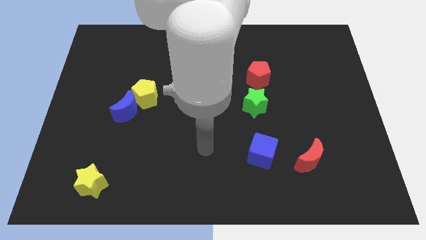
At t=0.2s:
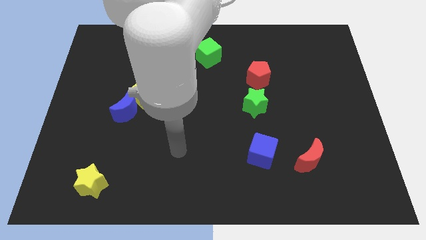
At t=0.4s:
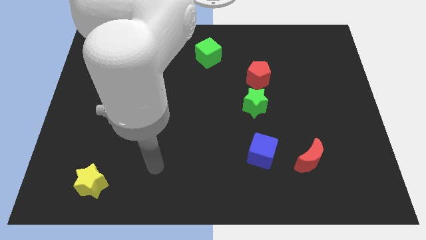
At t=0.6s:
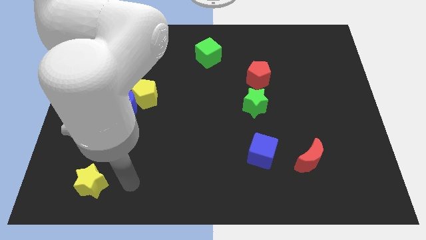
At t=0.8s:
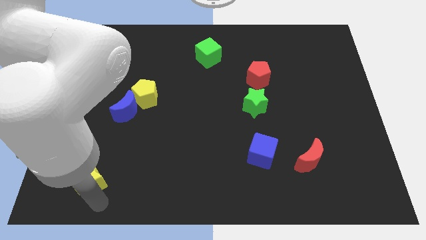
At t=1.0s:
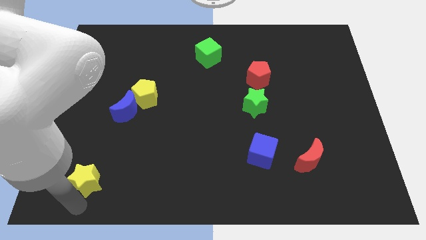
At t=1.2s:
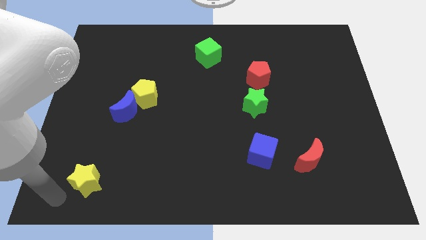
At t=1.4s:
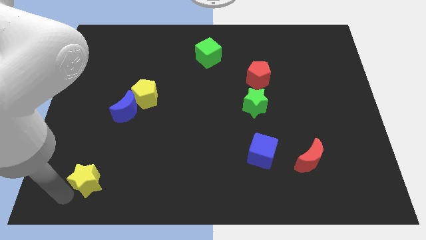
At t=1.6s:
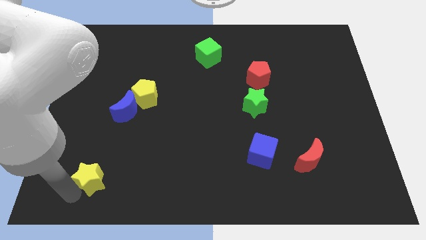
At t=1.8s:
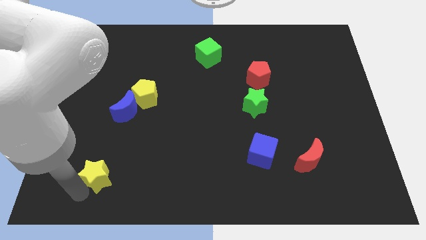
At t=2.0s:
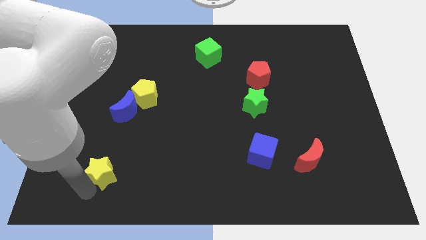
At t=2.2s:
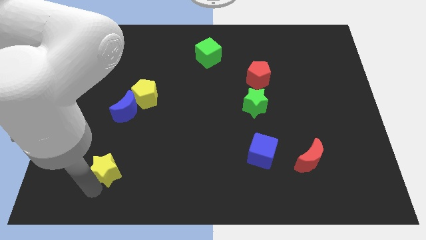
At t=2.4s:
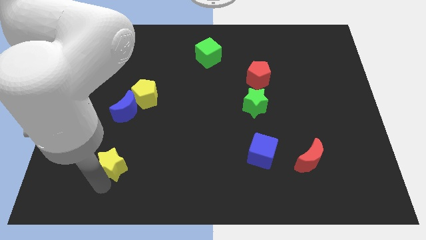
· · · ·
TASK DESCRIPTION: Write out each entry exactly as given, but skip the pictures.

EXERCISE RESPONSE:
At t=0.2s:
At t=0.4s:
At t=0.6s:
At t=0.8s:
At t=1.0s:
At t=1.2s:
At t=1.4s:
At t=1.6s:
At t=1.8s:
At t=2.0s:
At t=2.2s:
At t=2.4s:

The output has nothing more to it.